I, the undersigned, do twitchily vouch the following statements are true: 1. Building a death chamber next to a kitchen is not a health and safety issue. 2. Hellish apparitions are best dispatched with the nine iron or, failing that, a putter. 3. It is entirely rational to say to a tenant, "There are a lot of strange things in this world. Like the umbilical cord I keep in a box in my room... lately it's started to really smell." 4. And when my golf clubs are all bent, I'll kill you with a spade.
Signed... a Silent Hill fan.
Now read the small print: Silent Hill does not act in any way to stop you running aimlessly for hours, watching too many loading screens or pinwheeling at ghosts that won't die. Even those familiar with the first three games should not expect total plot clarity. But do expect what you just signed for.
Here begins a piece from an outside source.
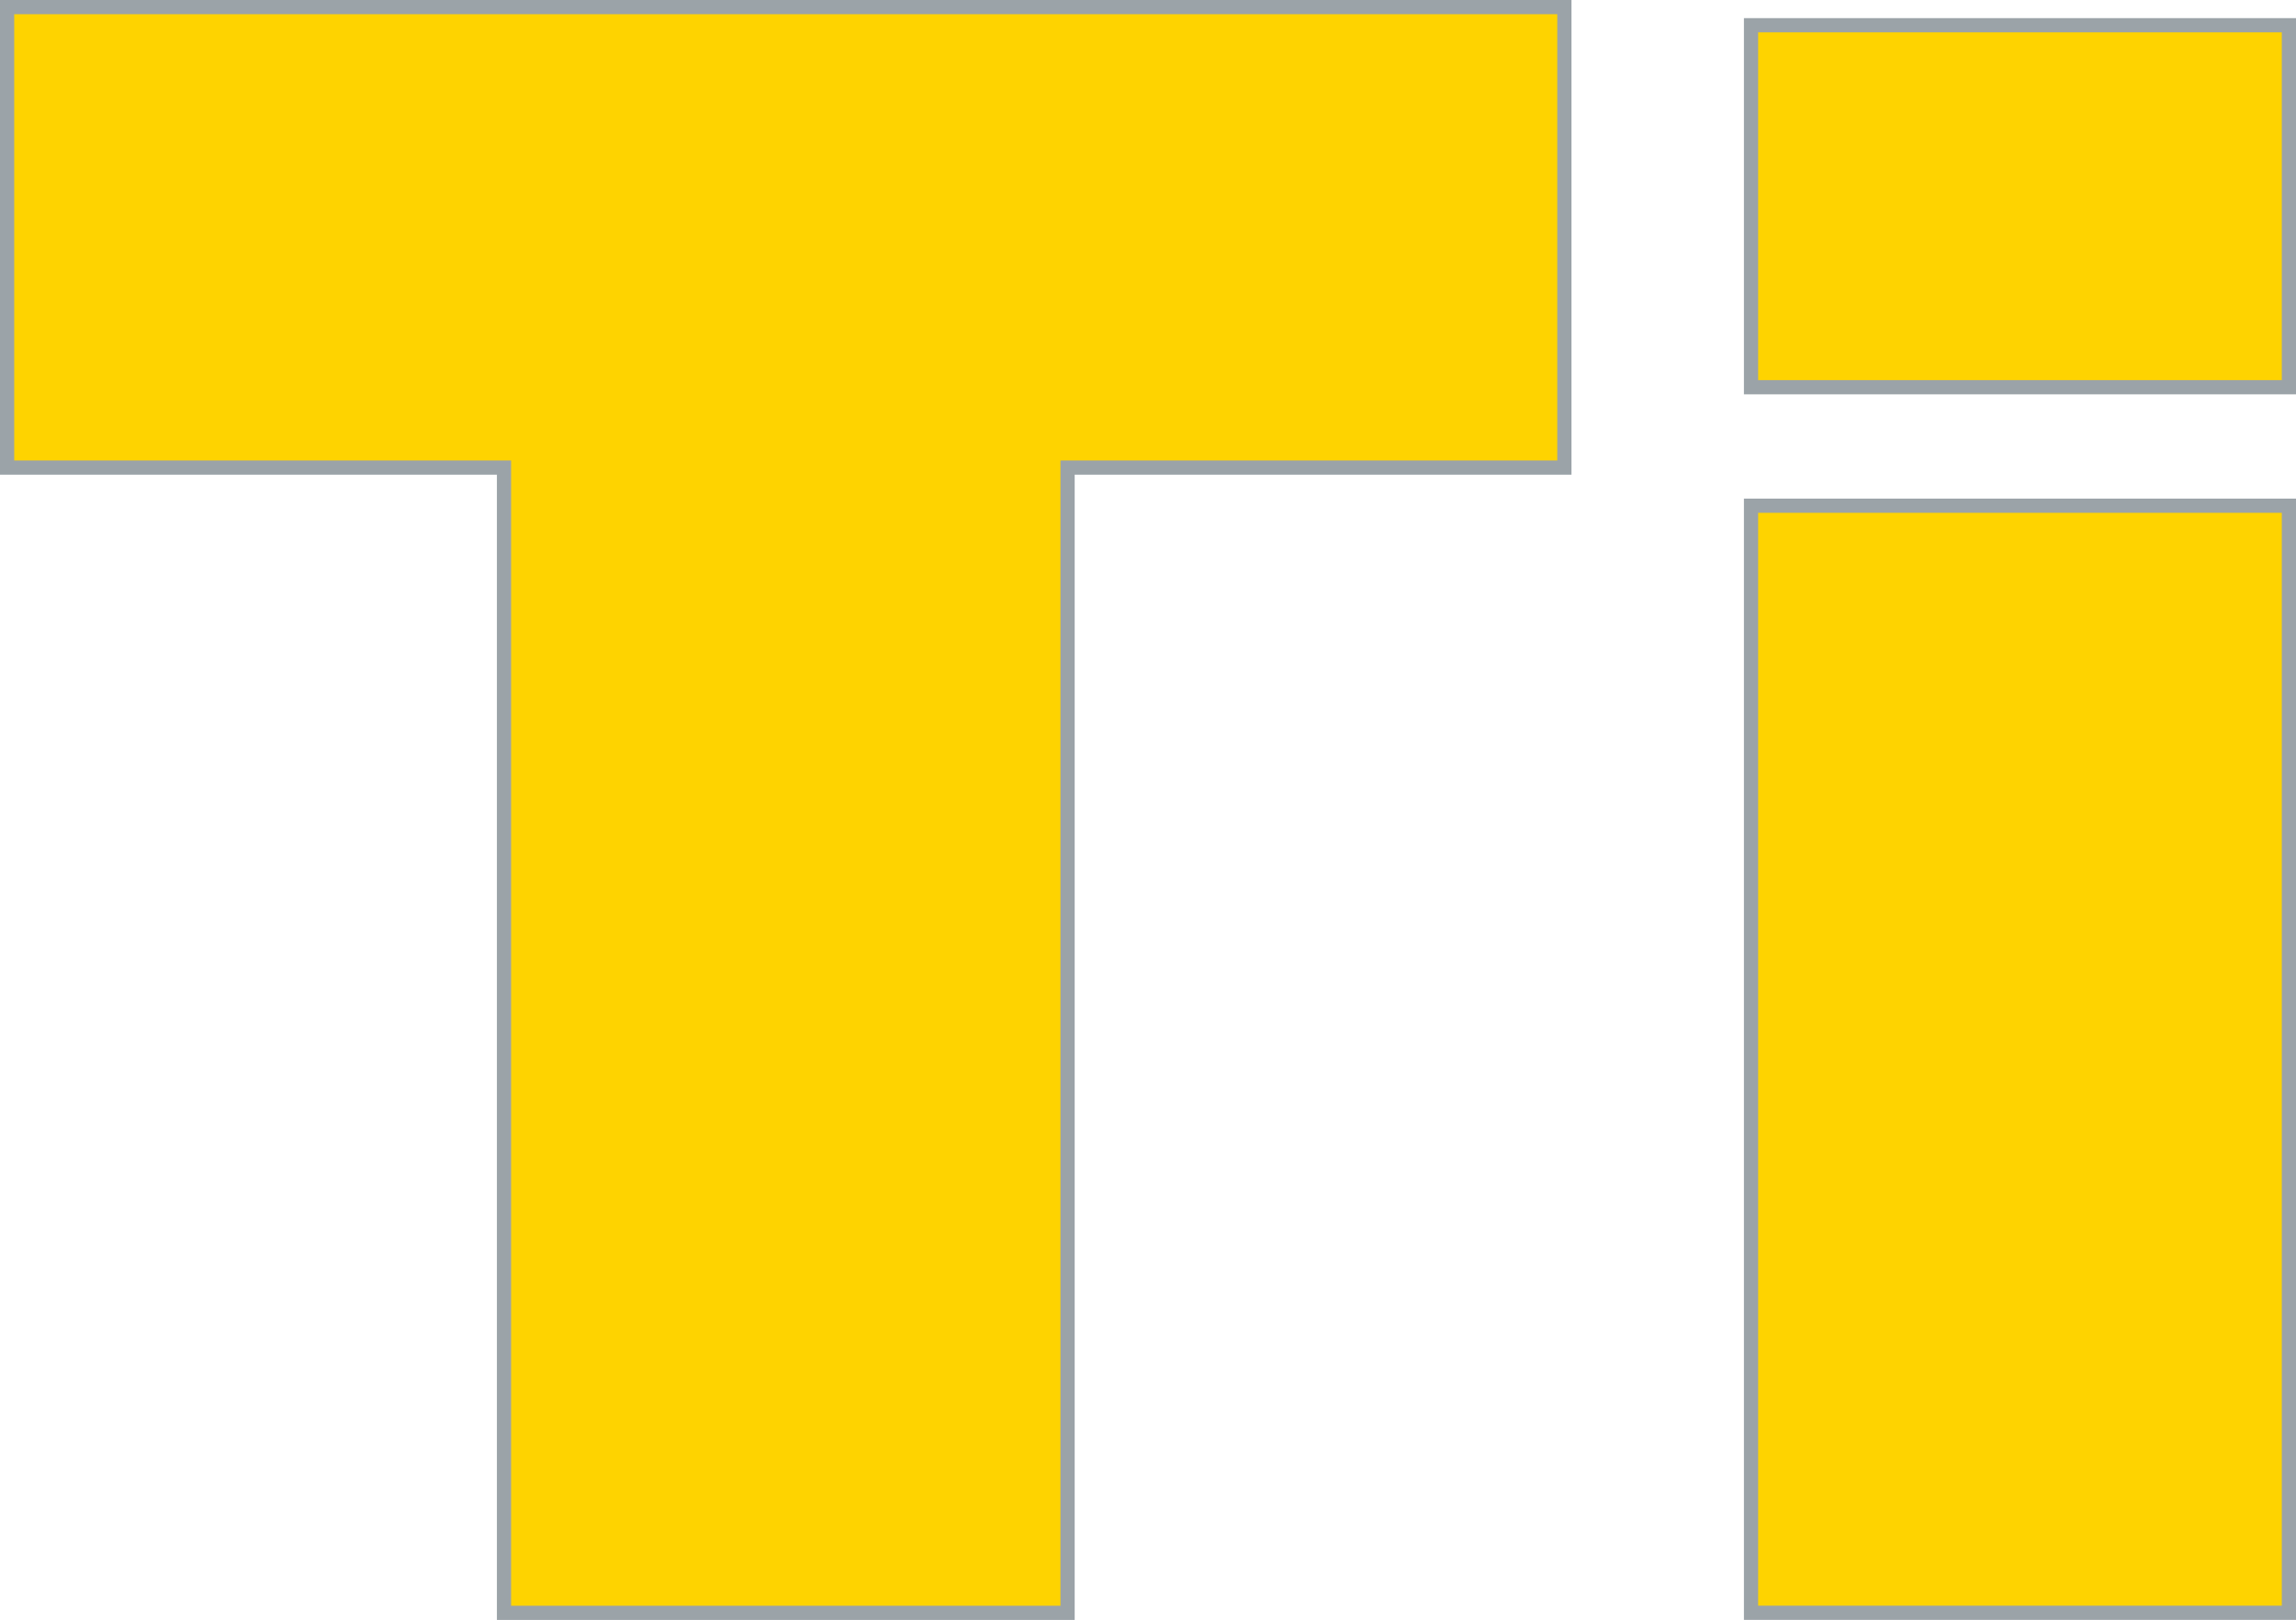 <?xml version="1.0" encoding="UTF-8"?><svg id="a" xmlns="http://www.w3.org/2000/svg" viewBox="0 0 484.89 342.12"><defs><style>.b{fill:#fed300;stroke:#9ba3a8;stroke-miterlimit:10;stroke-width:3px;}</style></defs><rect class="b" x="369.8" y="5.33" width="113.59" height="76.45"/><polygon class="b" points="1.5 98.75 106.44 98.75 106.44 340.62 225.46 340.62 225.46 98.75 330.38 98.75 330.38 1.5 1.5 1.5 1.5 98.75"/><rect class="b" x="369.8" y="106.81" width="113.59" height="233.8"/></svg>

The Room is tweaked to keep the faithful happy, but the less patient will remain unconvinced. It's hardly a comedy festival, but has many darkly amusing flourishes and a slew of game and film references. New locations are gorgeously unwelcoming, especially the forest - though Lord knows we've done subways and hospitals already - and the hub structure makes it more immediate. Just head through the holes in your flat and there you are. It cuts out much traipsing, but there's still plenty of loading time to deal with.
Malice In Underland
Sometimes this is because your new inventory is full and you must traipse home to use the chest - you can't just drop stuff. Annoying. And sometimes it's because you don't know what you've missed or where to look for it. That's just bad design. And on one occasion, a very large and otherwise brilliant puzzle turns out to contain a red herring - very Hitchcock, but films move on regardless of what the viewer believes. Games don't. So we spent just over an hour randomly re-searching and re-re-searching three floors of rooms, before randomly finding out the random answer. Not everybody will bother.
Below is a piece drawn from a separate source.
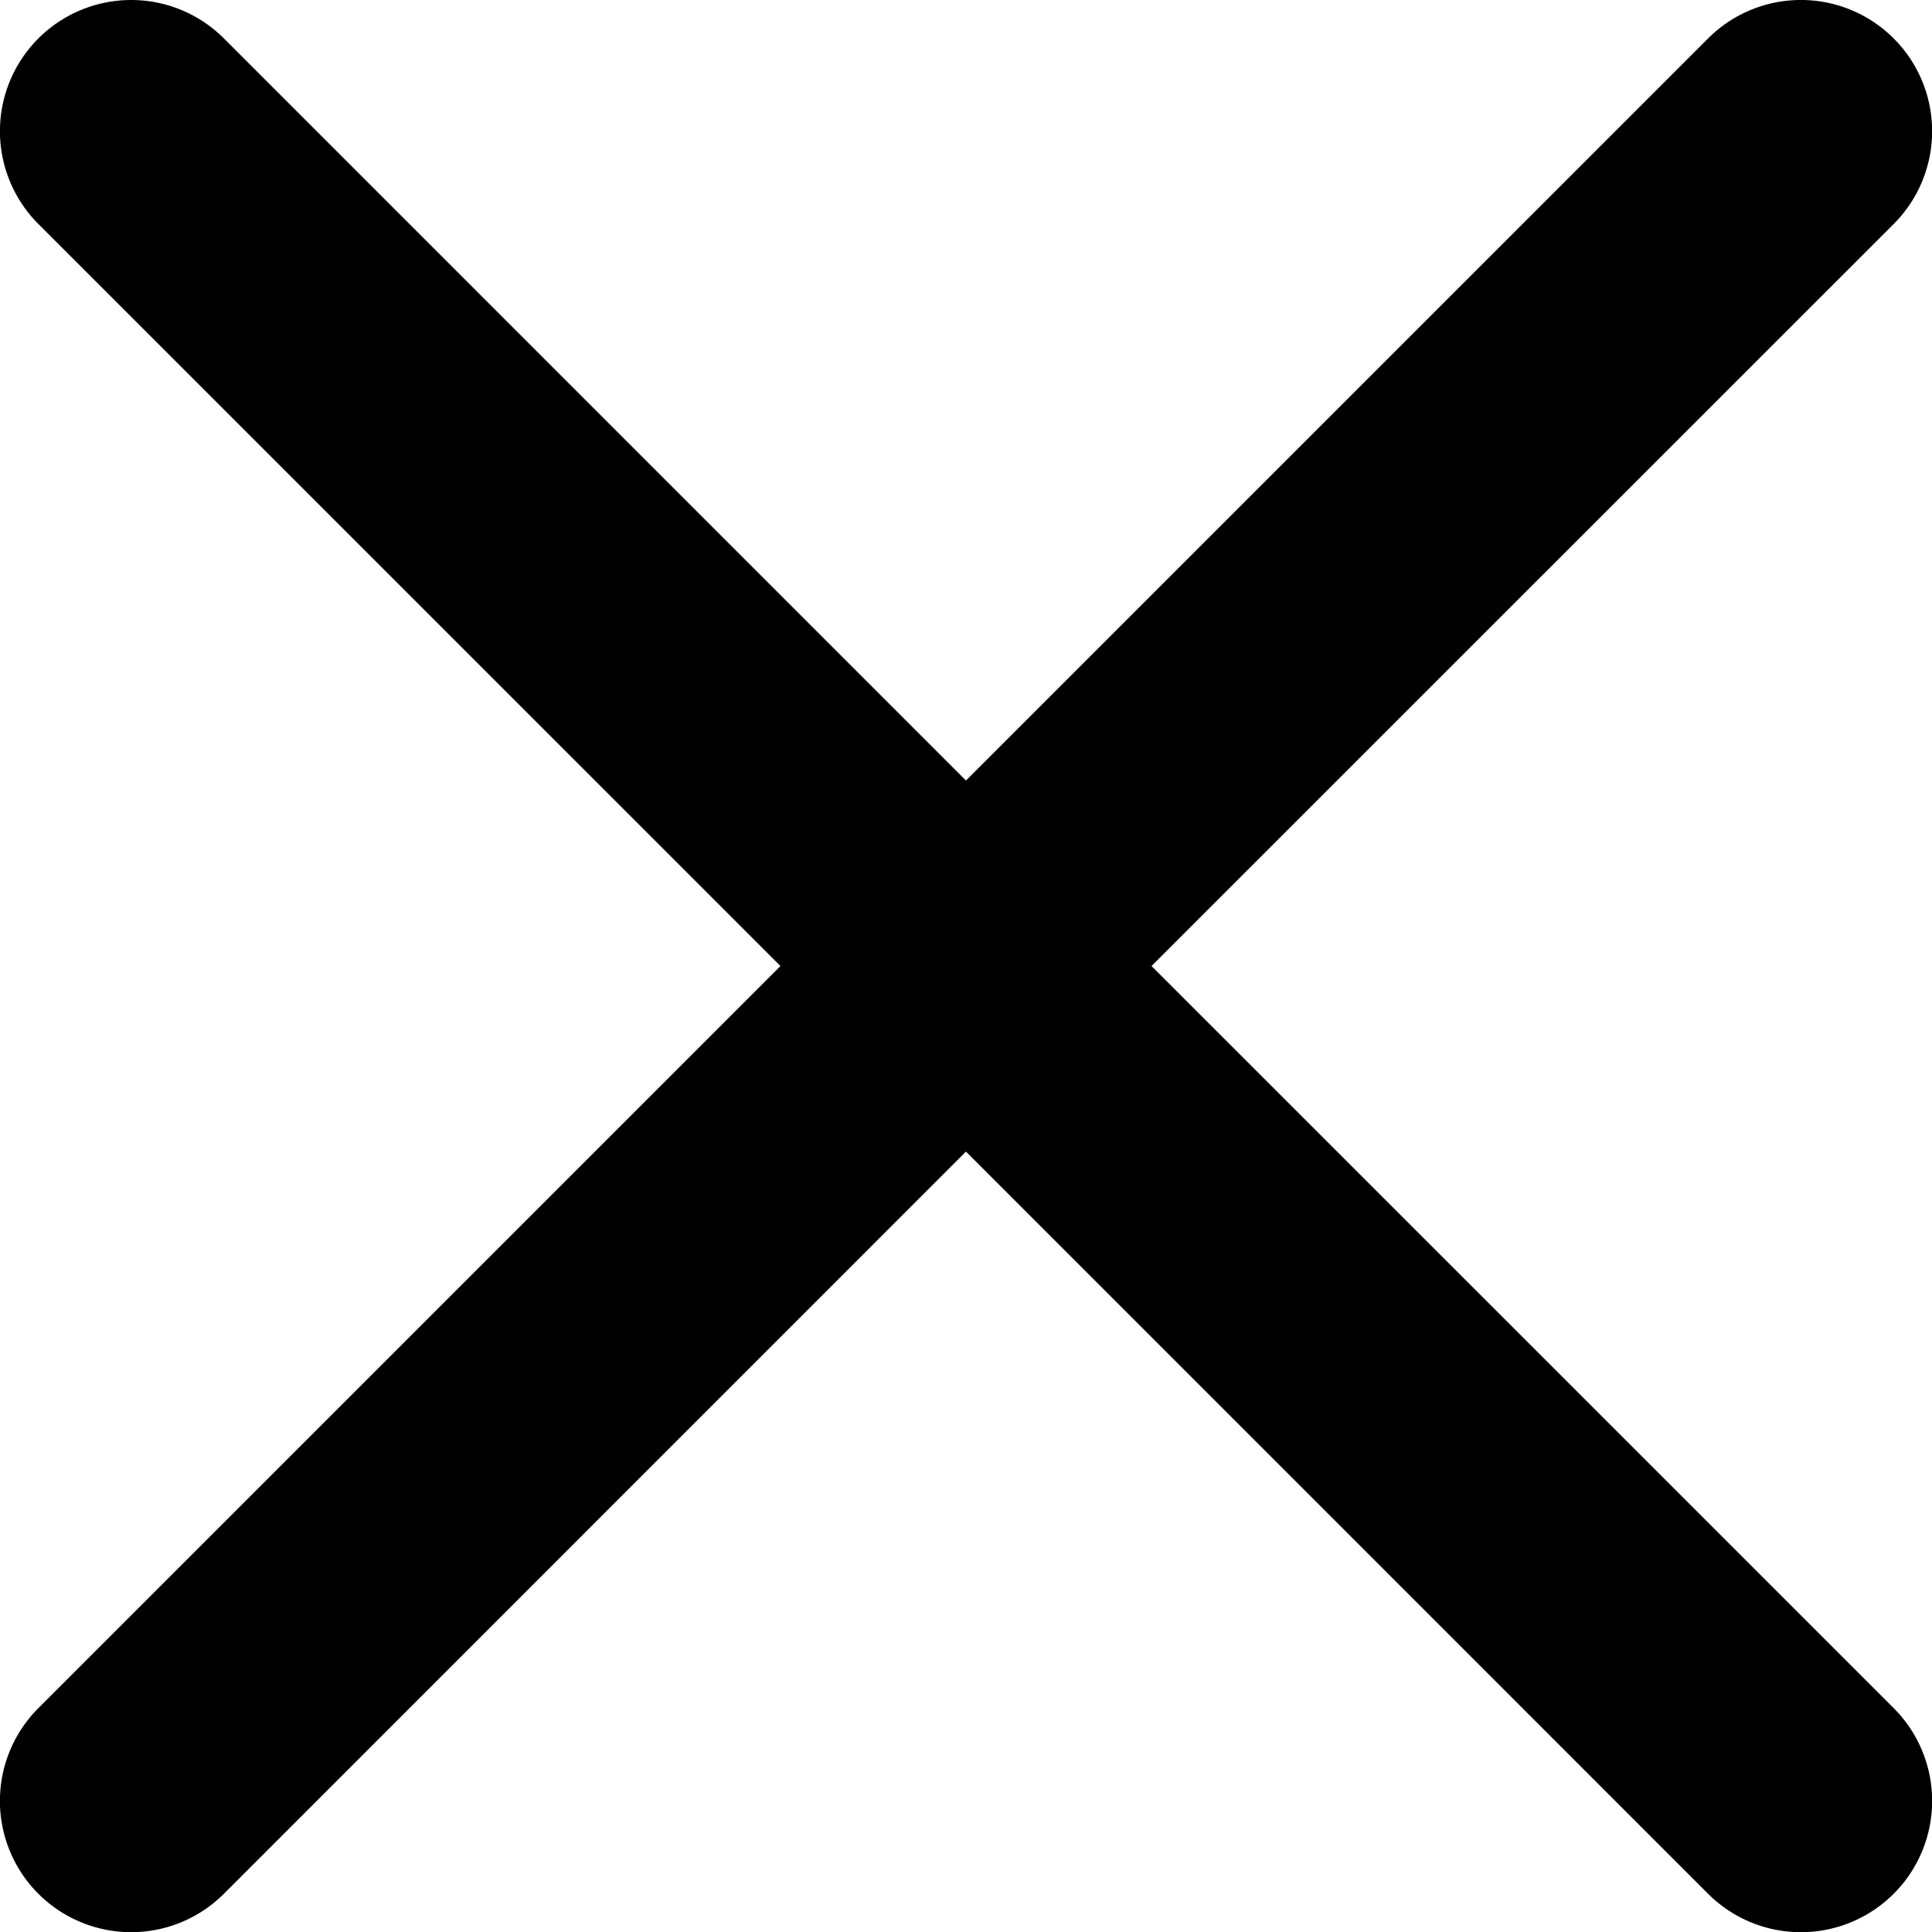 <svg xmlns="http://www.w3.org/2000/svg" width="29.455" height="29.456" viewBox="0 0 29.455 29.456">
  <path id="Union_8" data-name="Union 8" d="M26.87,29.7,15.556,18.385,4.243,29.7A2,2,0,0,1,1.414,26.87L12.728,15.556,1.414,4.243A2,2,0,0,1,4.243,1.414L15.556,12.728,26.87,1.414A2,2,0,0,1,29.7,4.243L18.385,15.556,29.7,26.87A2,2,0,1,1,26.87,29.7Z" transform="translate(-0.829 -0.828)"/>
</svg>

But so what? This is cult stuff. The story's got claws, and its weirdness is grounded in Nowheresville normality; the visuals are stunning and somehow more twisted than ever - you actually have to figure out clues - and the atmosphere lolls from spaced out, dreamy weirdness to the shrieking you'd find in-between Hades FM and Radio Torment. There's still nothing quite like Silent Hill. So, you have found a Flawed Gem. Will you take it? Hint: choose yes.